## What to work on
Omit each picture as you copy the entries exactly.

[Records drawn from a dataset]

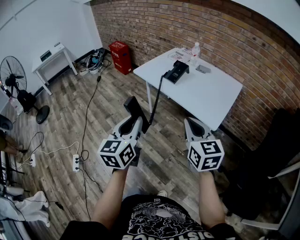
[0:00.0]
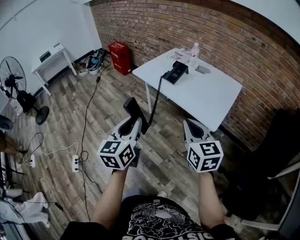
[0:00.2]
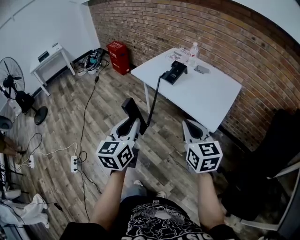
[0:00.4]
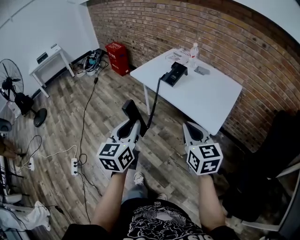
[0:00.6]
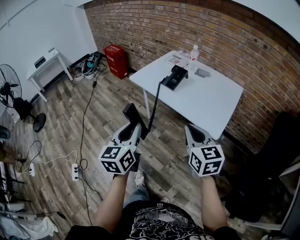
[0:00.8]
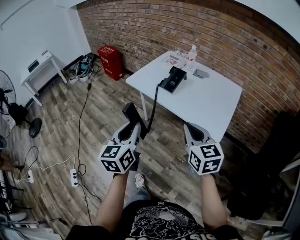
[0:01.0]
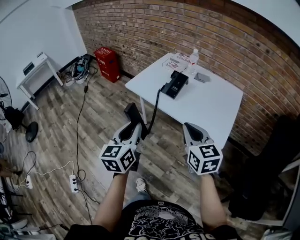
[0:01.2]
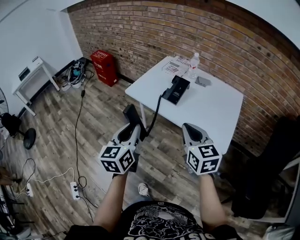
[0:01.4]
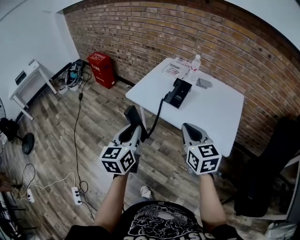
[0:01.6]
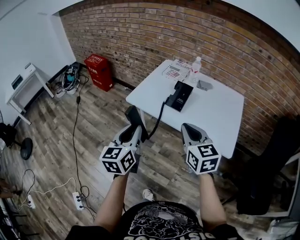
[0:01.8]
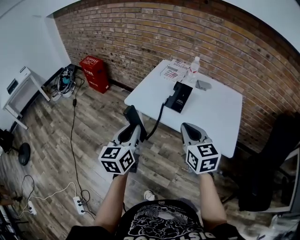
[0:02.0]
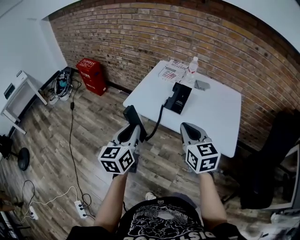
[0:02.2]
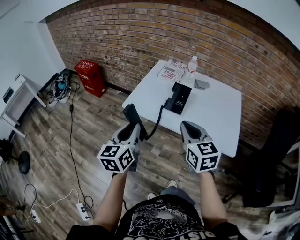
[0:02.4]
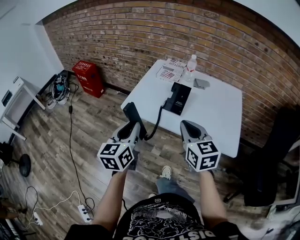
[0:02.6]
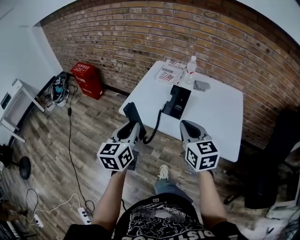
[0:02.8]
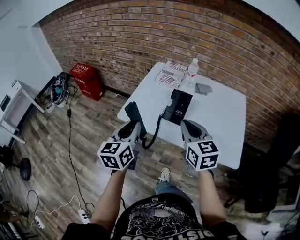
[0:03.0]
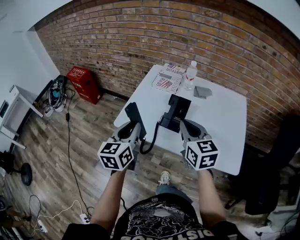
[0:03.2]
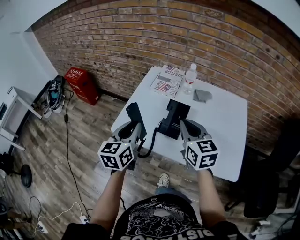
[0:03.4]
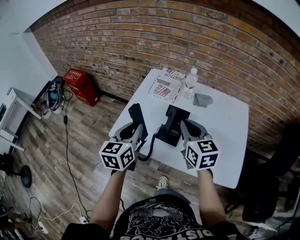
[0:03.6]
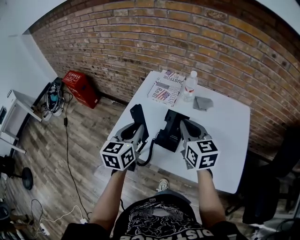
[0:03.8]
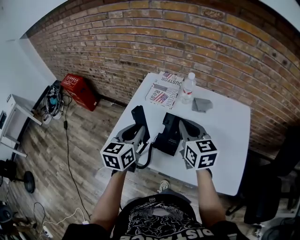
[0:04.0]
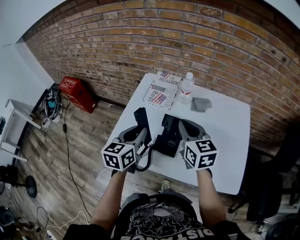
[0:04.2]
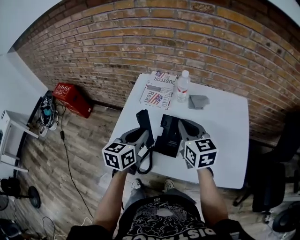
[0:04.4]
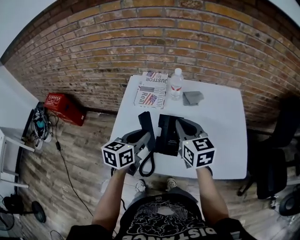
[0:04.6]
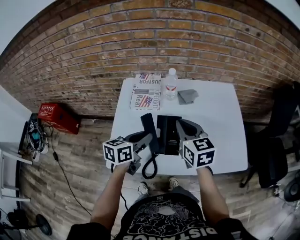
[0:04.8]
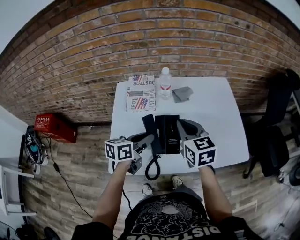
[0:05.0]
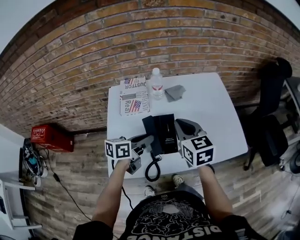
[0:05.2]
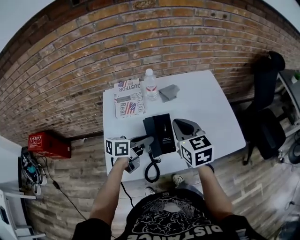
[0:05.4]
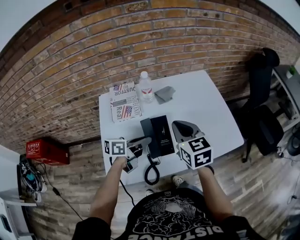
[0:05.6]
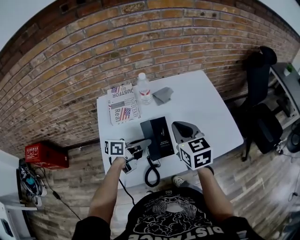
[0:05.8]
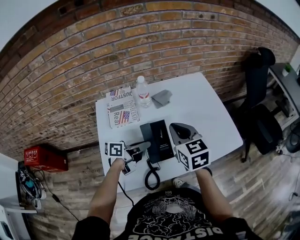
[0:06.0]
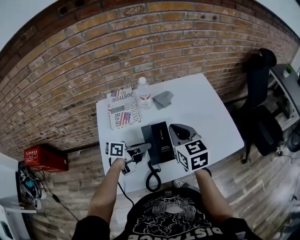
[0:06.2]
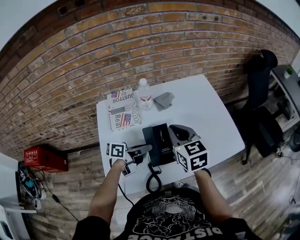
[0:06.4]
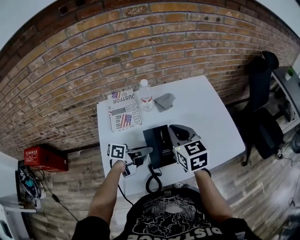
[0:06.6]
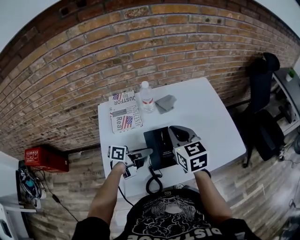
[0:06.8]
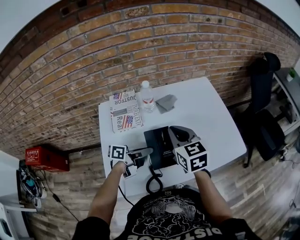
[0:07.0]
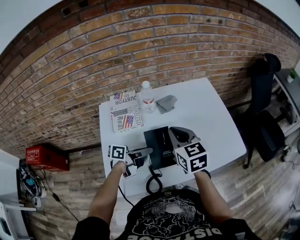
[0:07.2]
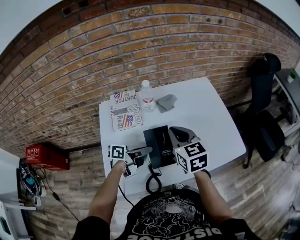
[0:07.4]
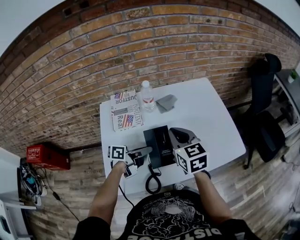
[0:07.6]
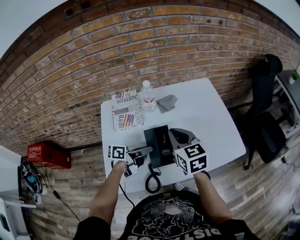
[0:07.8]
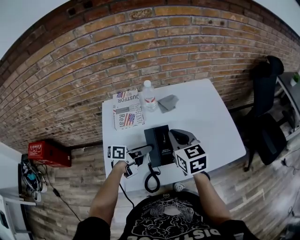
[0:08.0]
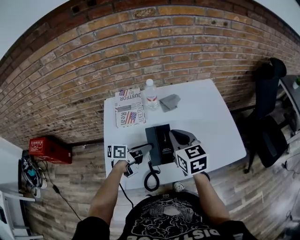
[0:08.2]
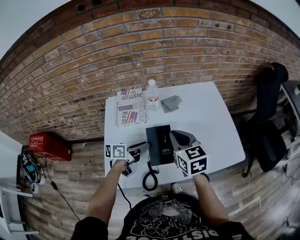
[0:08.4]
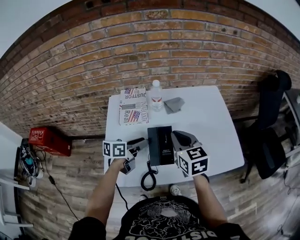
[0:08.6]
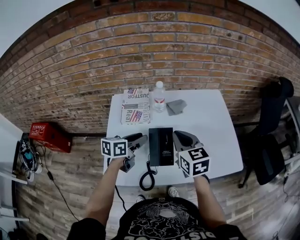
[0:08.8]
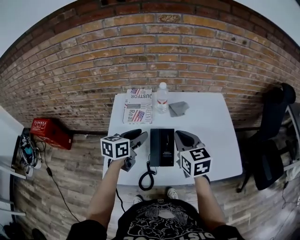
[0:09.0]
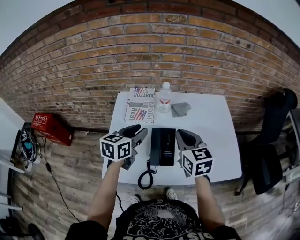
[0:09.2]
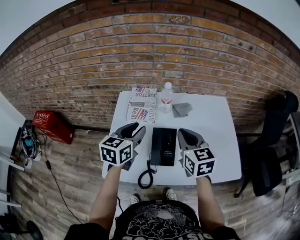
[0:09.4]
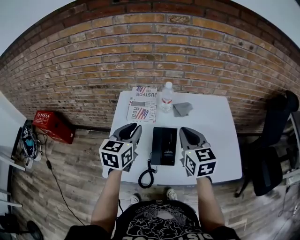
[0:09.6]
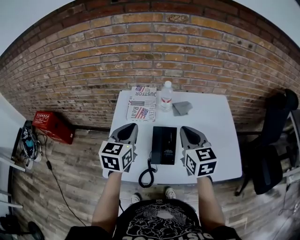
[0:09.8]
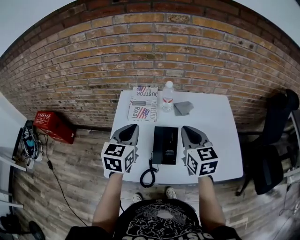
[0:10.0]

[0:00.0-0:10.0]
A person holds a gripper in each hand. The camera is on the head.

## Response
[0:00.0]
[0:00.2]
[0:00.4]
[0:00.6]
[0:00.8]
[0:01.0]
[0:01.2]
[0:01.4]
[0:01.6]
[0:01.8]
[0:02.0]
[0:02.2]
[0:02.4]
[0:02.6]
[0:02.8]
[0:03.0]
[0:03.2]
[0:03.4]
[0:03.6]
[0:03.8]
[0:04.0]
[0:04.2]
[0:04.4]
[0:04.6]
[0:04.8]
[0:05.0]
[0:05.2]
[0:05.4]
[0:05.6]
[0:05.8]
[0:06.0]
[0:06.2]
[0:06.4]
[0:06.6]
[0:06.8]
[0:07.0]
[0:07.2]
[0:07.4]
[0:07.6]
[0:07.8]
[0:08.0]
[0:08.2]
[0:08.4]
[0:08.6]
[0:08.8]
[0:09.0]
[0:09.2]
[0:09.4]
[0:09.6]
[0:09.8]
[0:10.0]

[0:00.0-0:10.0]
A person holds a gripper in each hand. The camera is on the head.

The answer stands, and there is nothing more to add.